About this task
Copy out the listing that follows, exact in every word, and skip the images.

Record set
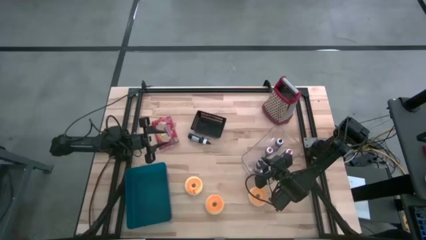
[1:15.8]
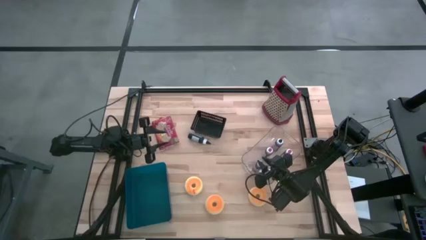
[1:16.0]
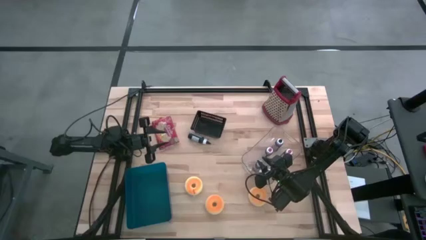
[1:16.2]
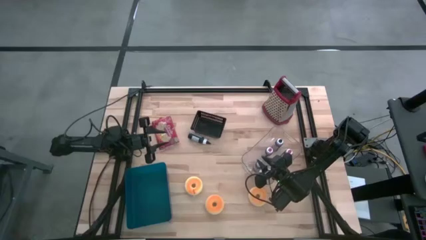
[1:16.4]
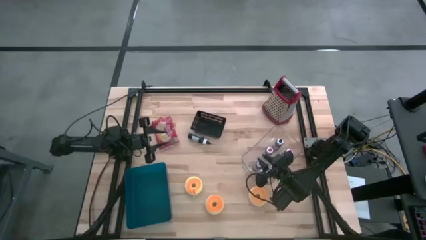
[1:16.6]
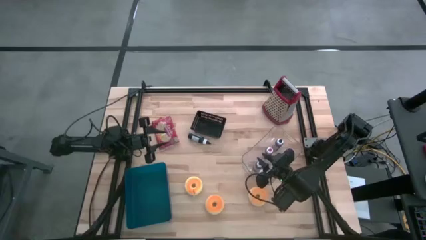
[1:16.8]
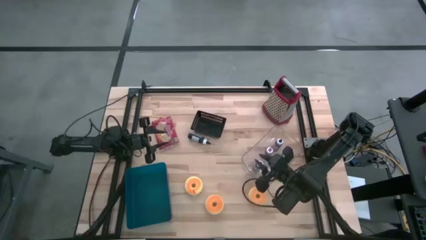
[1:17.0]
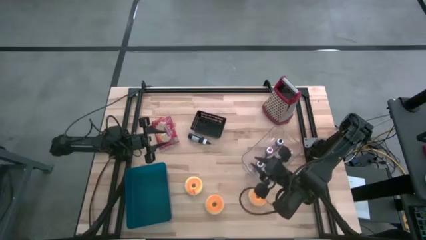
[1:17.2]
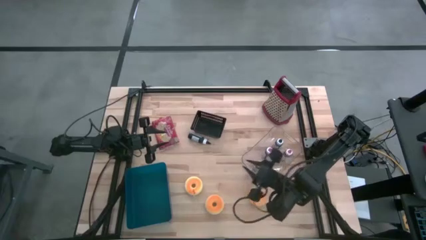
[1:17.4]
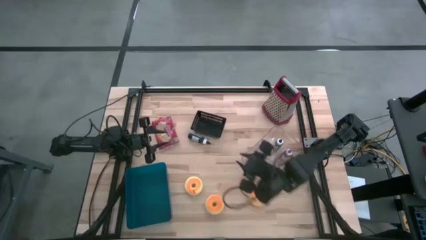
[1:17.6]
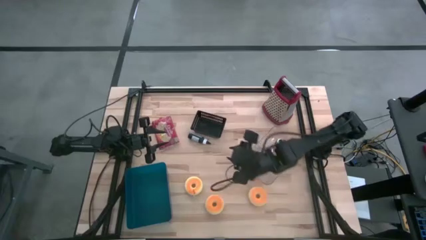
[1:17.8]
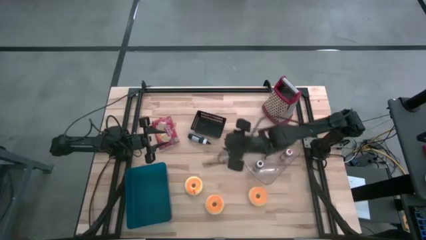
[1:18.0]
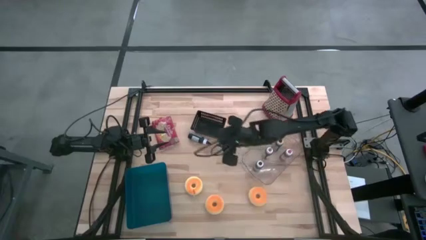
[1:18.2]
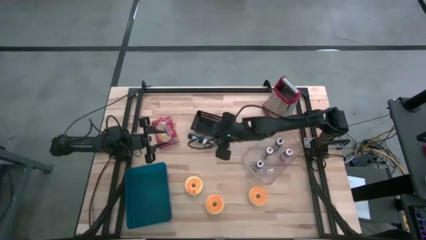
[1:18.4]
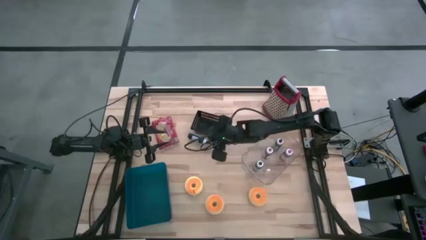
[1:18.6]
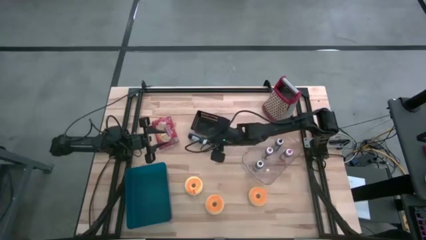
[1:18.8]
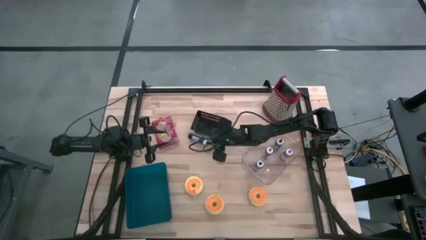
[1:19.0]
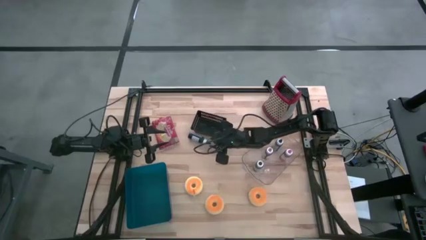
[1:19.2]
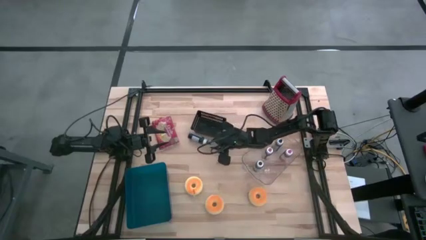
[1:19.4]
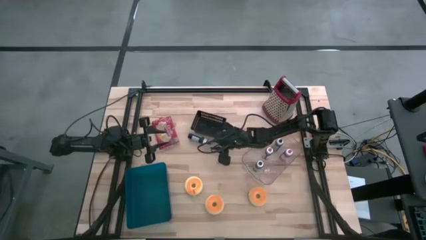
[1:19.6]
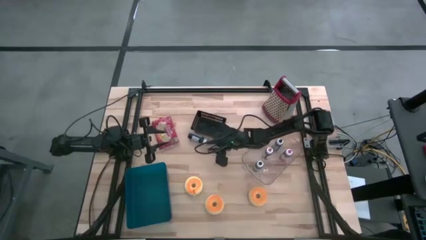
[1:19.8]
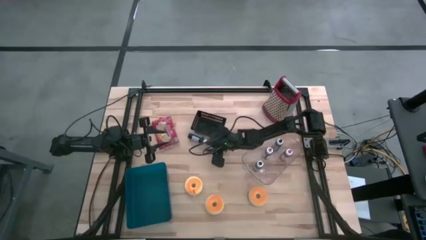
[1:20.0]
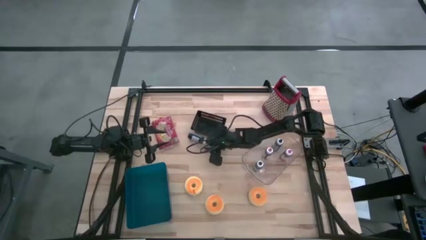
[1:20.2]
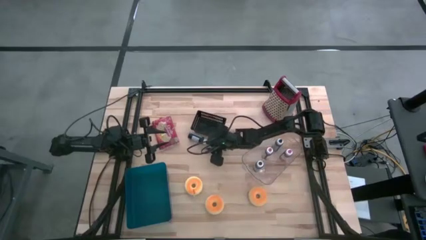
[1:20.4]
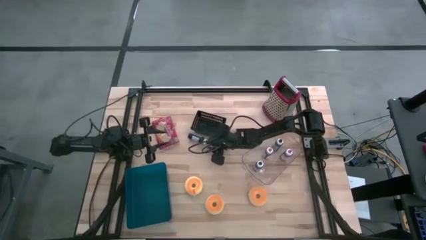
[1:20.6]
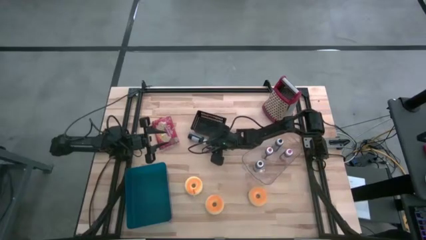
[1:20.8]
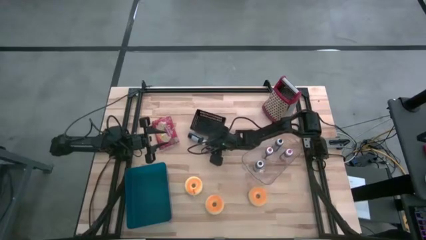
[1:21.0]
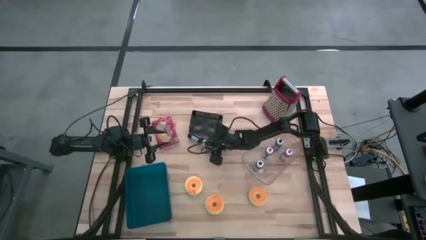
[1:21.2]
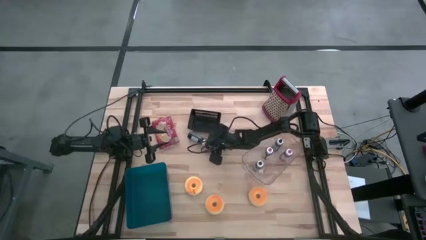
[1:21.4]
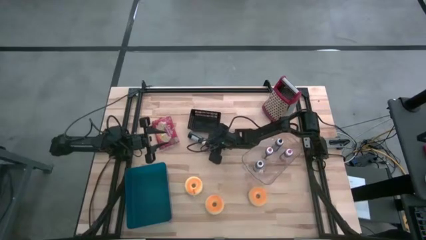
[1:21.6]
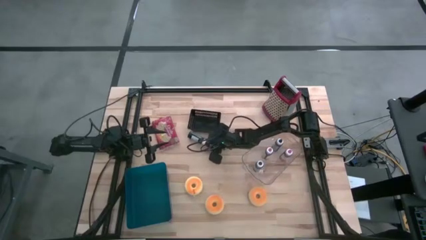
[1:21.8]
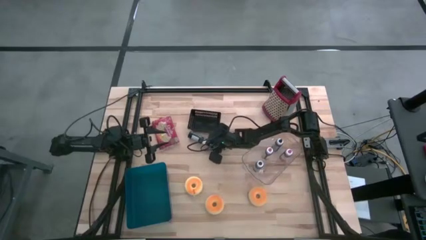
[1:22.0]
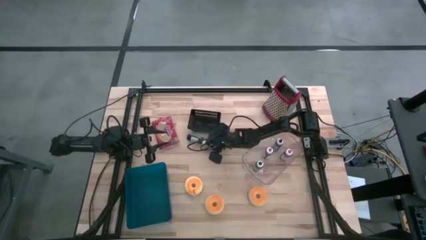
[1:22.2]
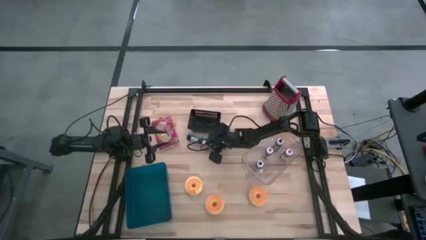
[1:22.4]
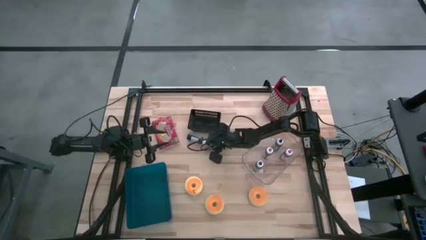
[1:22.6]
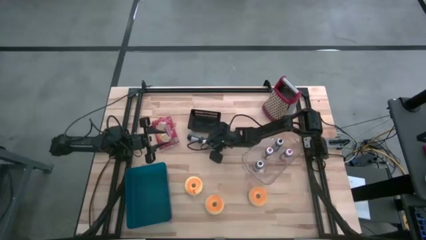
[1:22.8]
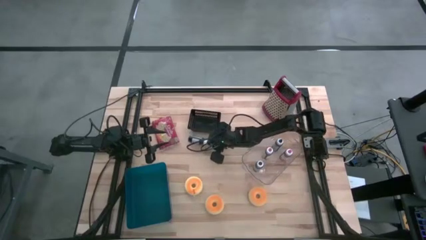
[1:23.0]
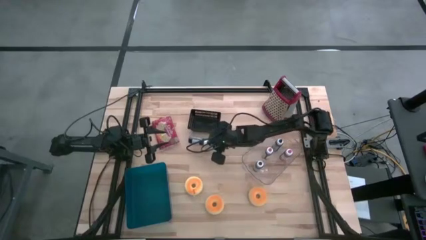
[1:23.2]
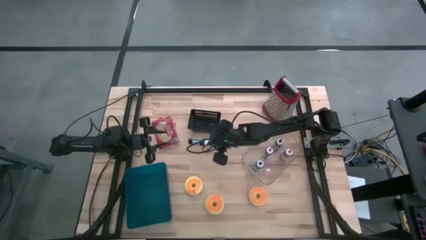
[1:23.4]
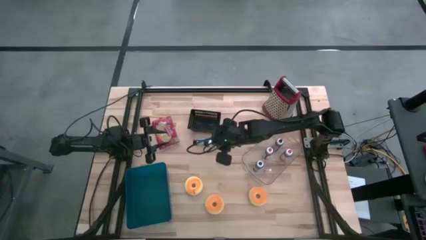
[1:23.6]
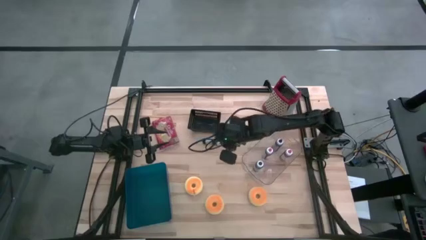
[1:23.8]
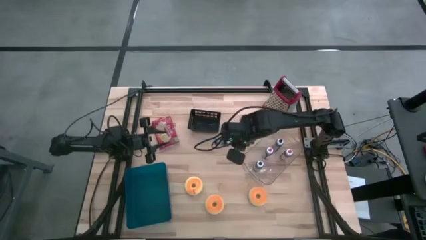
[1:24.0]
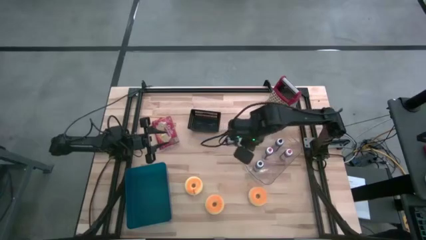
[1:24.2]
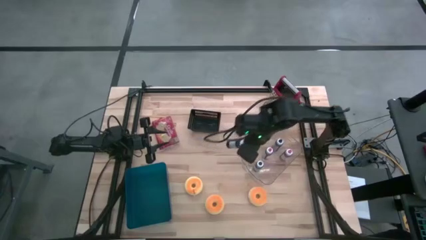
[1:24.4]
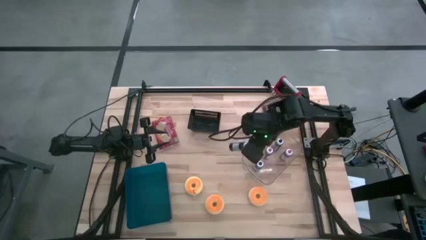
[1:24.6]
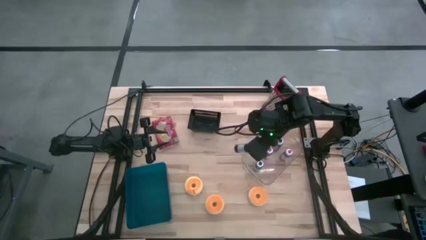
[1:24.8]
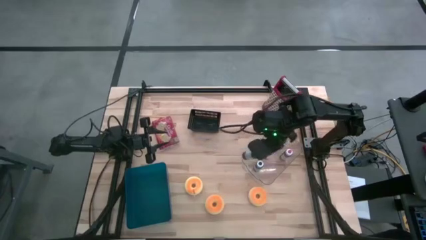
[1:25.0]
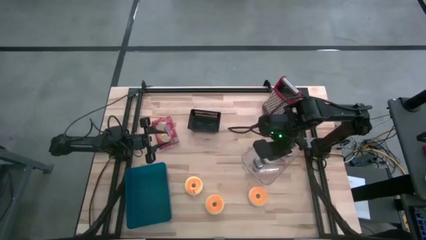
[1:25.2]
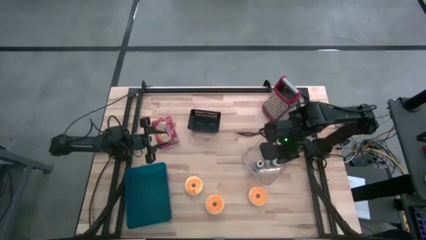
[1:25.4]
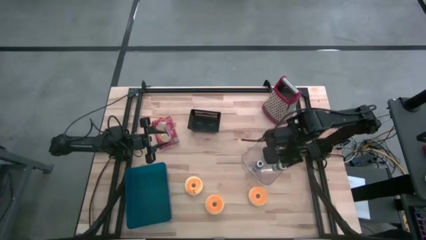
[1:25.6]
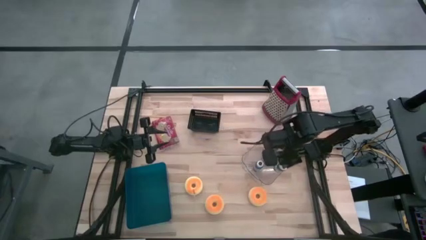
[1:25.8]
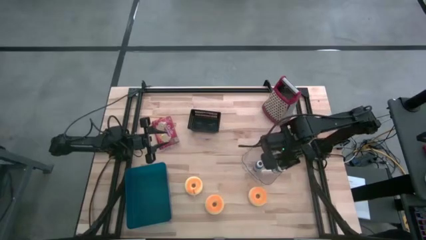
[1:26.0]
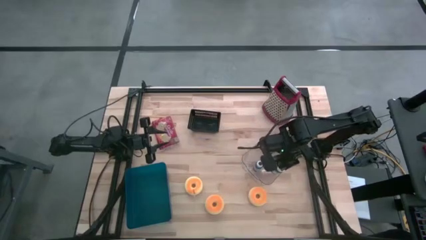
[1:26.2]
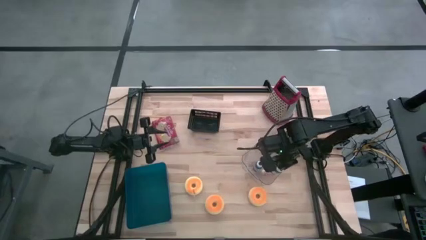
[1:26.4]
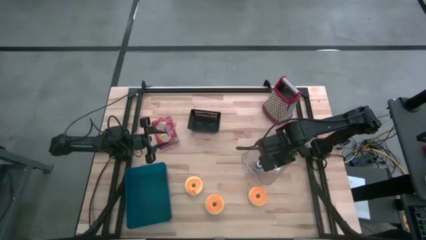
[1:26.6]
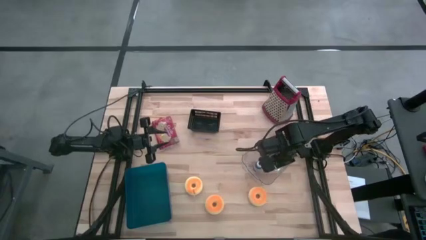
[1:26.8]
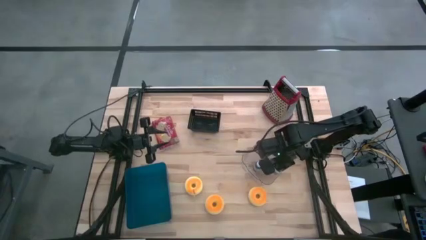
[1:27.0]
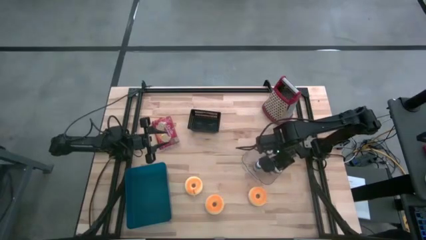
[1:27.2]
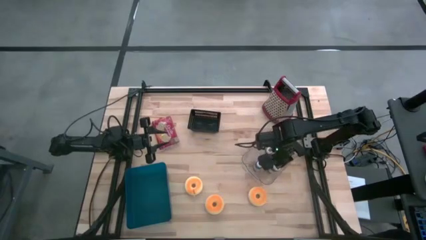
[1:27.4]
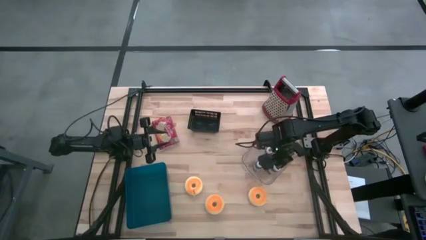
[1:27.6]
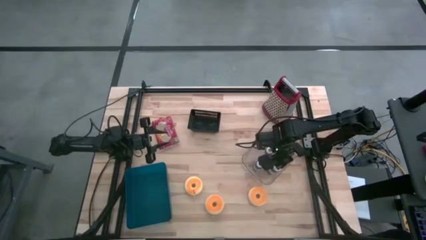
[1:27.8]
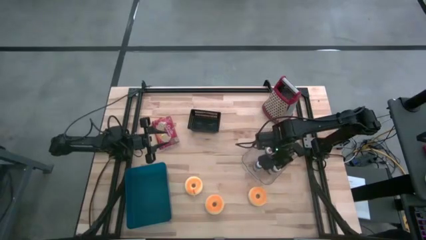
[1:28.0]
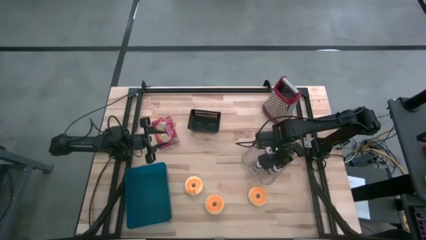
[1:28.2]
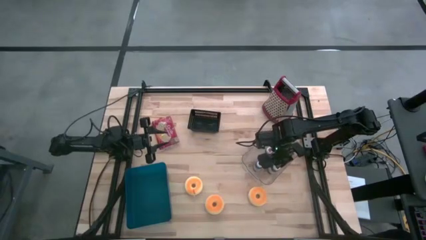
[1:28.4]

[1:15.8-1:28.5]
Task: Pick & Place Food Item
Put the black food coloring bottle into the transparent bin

Response
[1:15.8]
[1:16.0]
[1:16.2]
[1:16.4]
[1:16.6]
[1:16.8]
[1:17.0]
[1:17.2]
[1:17.4]
[1:17.6]
[1:17.8]
[1:18.0]
[1:18.2]
[1:18.4]
[1:18.6]
[1:18.8]
[1:19.0]
[1:19.2]
[1:19.4]
[1:19.6]
[1:19.8]
[1:20.0]
[1:20.2]
[1:20.4]
[1:20.6]
[1:20.8]
[1:21.0]
[1:21.2]
[1:21.4]
[1:21.6]
[1:21.8]
[1:22.0]
[1:22.2]
[1:22.4]
[1:22.6]
[1:22.8]
[1:23.0]
[1:23.2]
[1:23.4]
[1:23.6]
[1:23.8]
[1:24.0]
[1:24.2]
[1:24.4]
[1:24.6]
[1:24.8]
[1:25.0]
[1:25.2]
[1:25.4]
[1:25.6]
[1:25.8]
[1:26.0]
[1:26.2]
[1:26.4]
[1:26.6]
[1:26.8]
[1:27.0]
[1:27.2]
[1:27.4]
[1:27.6]
[1:27.8]
[1:28.0]
[1:28.2]
[1:28.4]

[1:15.8-1:28.5]
Task: Pick & Place Food Item
Put the black food coloring bottle into the transparent bin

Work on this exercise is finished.